Columnist Inez Robb’s Oct. 18, 1956, article said the Ford Motor Co. had not built a flying saucer yet, but they had a “Buck Rogers division” and its “chief ‘space man,’ dreamer and Buck Rogers” was Alex Tremulis, who was developing “Nucleon, the projected atom car.”

There’s a passage on flying saucers from the 20011 book, by Arvid Linde, Preston Tucker and Others: Tales of Brilliant Automotive Innovators and Innovations. We were unable to find anything to confirm it but did find supporting evidence that proves Alex Tremulis worked with models in his career, owned a camera, and had a sense of humor.
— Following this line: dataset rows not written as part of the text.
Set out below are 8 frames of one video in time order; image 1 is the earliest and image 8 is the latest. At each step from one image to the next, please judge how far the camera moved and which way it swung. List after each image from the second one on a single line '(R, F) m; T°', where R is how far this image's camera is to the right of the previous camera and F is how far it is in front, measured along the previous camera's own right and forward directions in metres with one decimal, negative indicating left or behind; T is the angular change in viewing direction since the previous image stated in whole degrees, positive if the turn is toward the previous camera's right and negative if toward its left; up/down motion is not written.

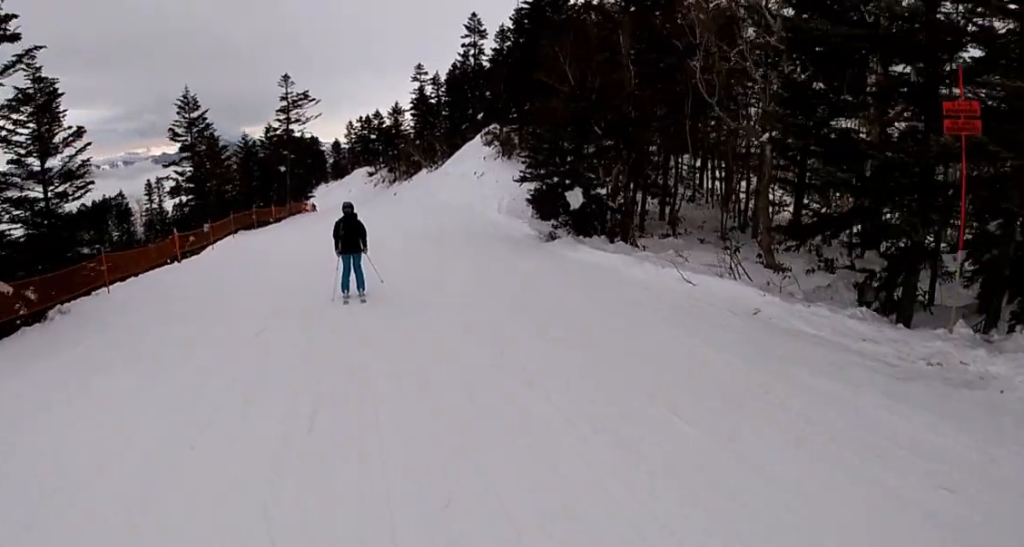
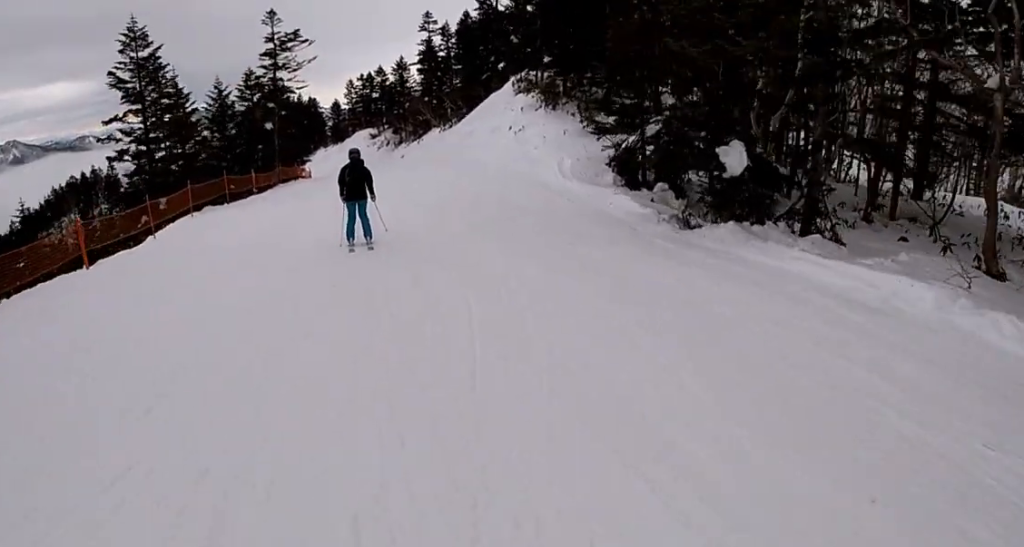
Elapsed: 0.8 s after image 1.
(+0.3, +7.1) m; +2°
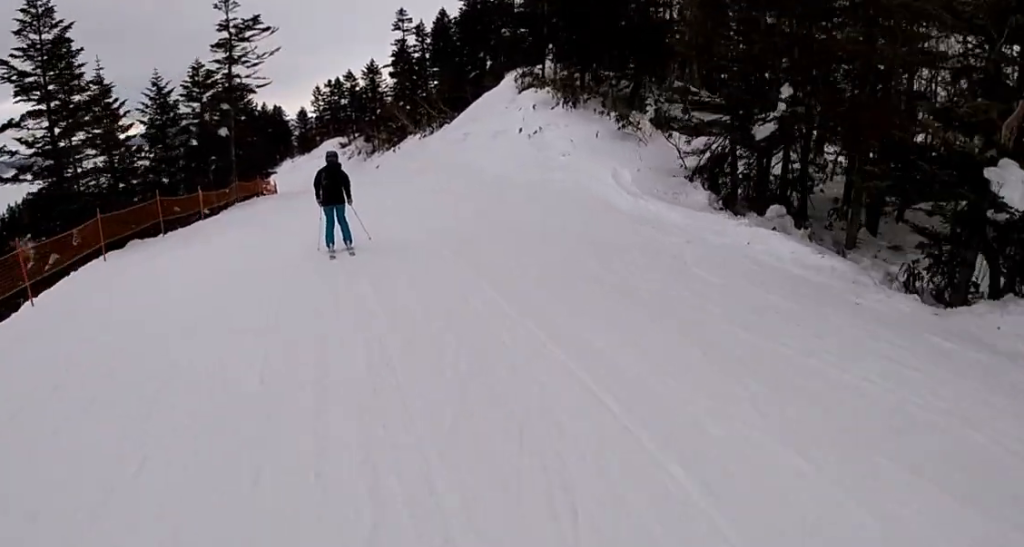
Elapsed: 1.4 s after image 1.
(+0.1, +5.5) m; +2°
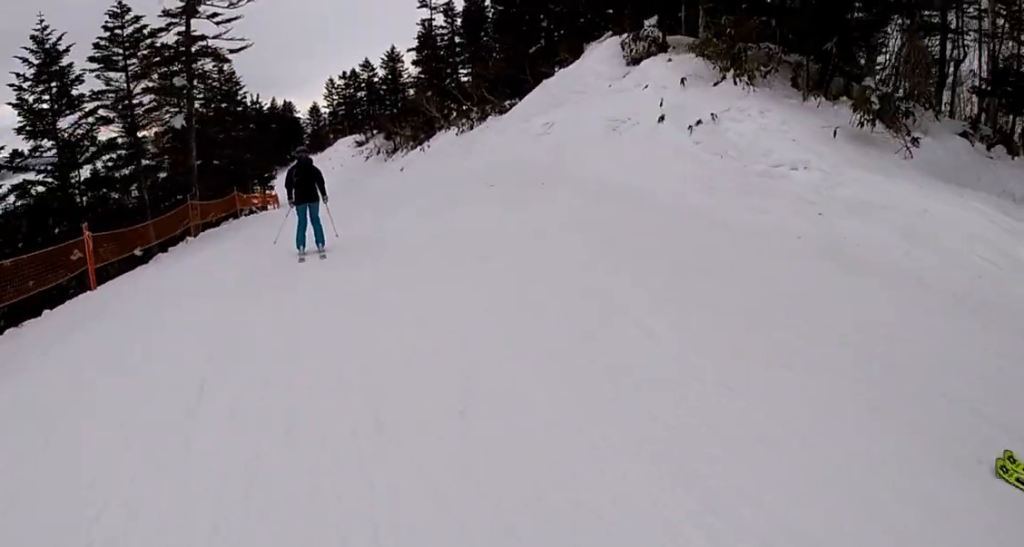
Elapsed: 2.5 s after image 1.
(+0.3, +9.5) m; +2°
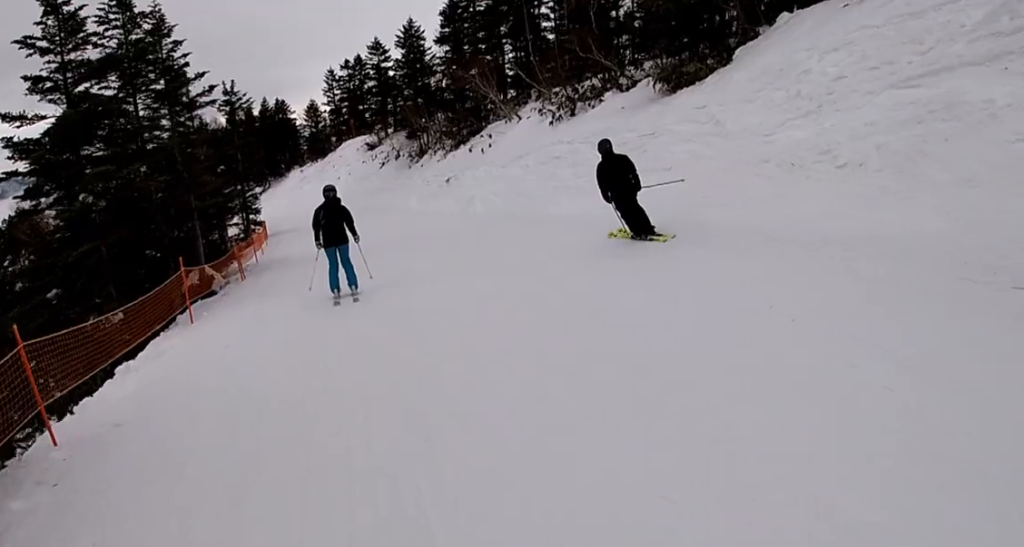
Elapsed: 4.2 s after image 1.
(-0.8, +15.4) m; -5°
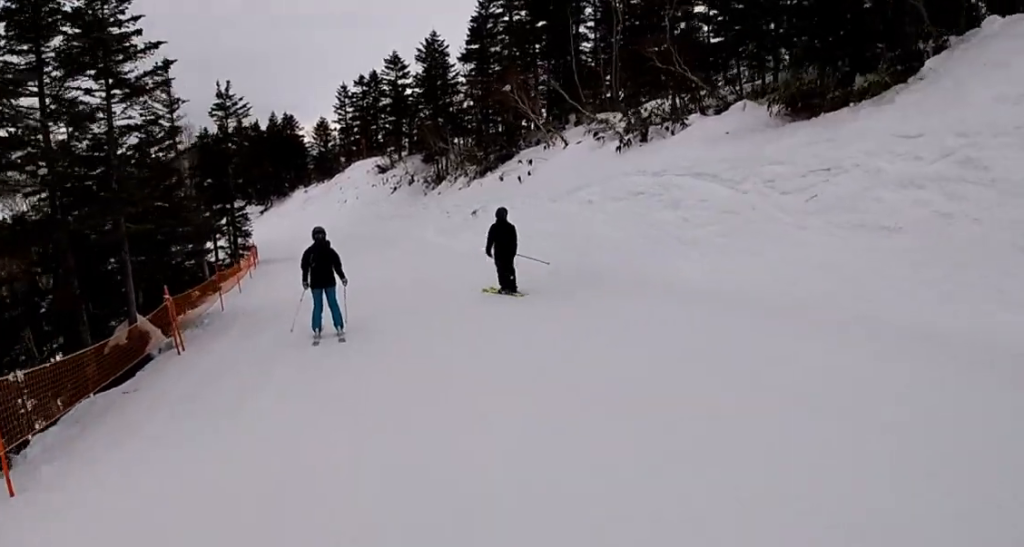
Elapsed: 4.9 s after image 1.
(+0.2, +5.8) m; +1°
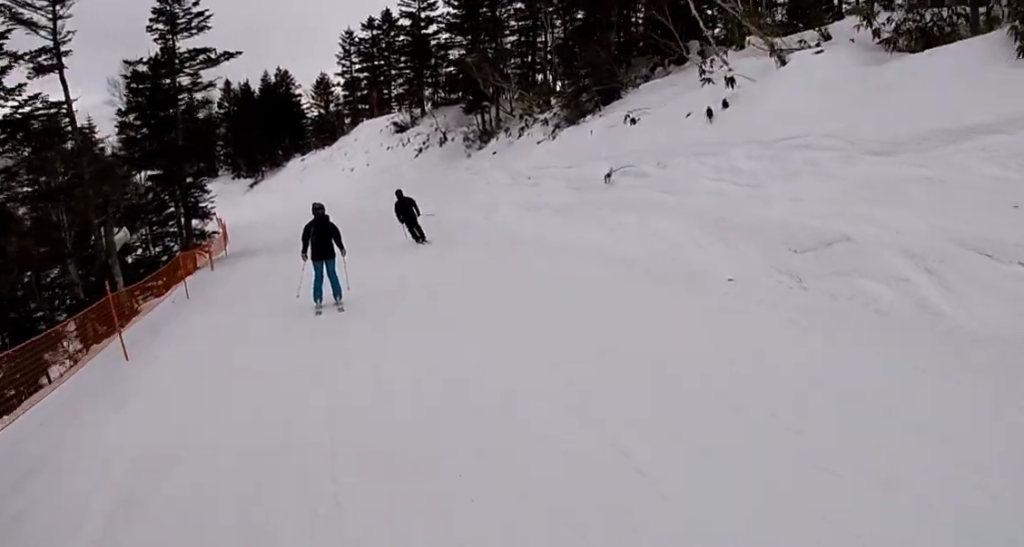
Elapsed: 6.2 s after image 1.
(-0.1, +12.4) m; -2°
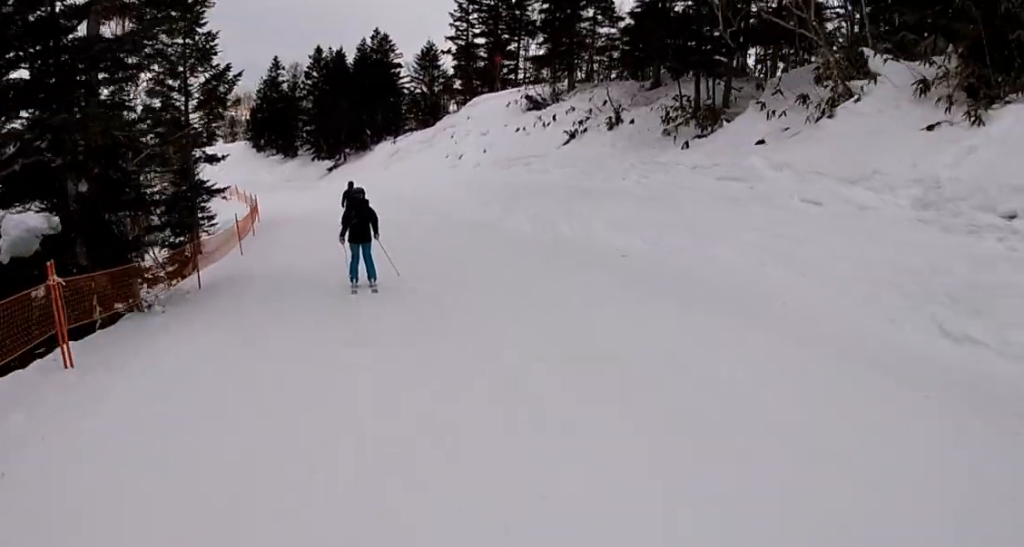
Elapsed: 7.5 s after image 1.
(-0.1, +12.5) m; -6°

“Tremulis was a bit of a jester, and enthusiastic ufologist, too. ... It is rumored that a certain amount of UFO photographs that were ‘leaked’ to the press, were actually the creative work of cheeky Alex Tremulis. He often authored photo-collages that depicted UFOs over popular places in America. It is just possible that Tremulis is one of those responsible for the UFO-mania of the 1950s, and the hobby ufologist who still keep old newspaper cuttings with information about odd flying objects are simply naive victims of the fun-loving Tremulis.”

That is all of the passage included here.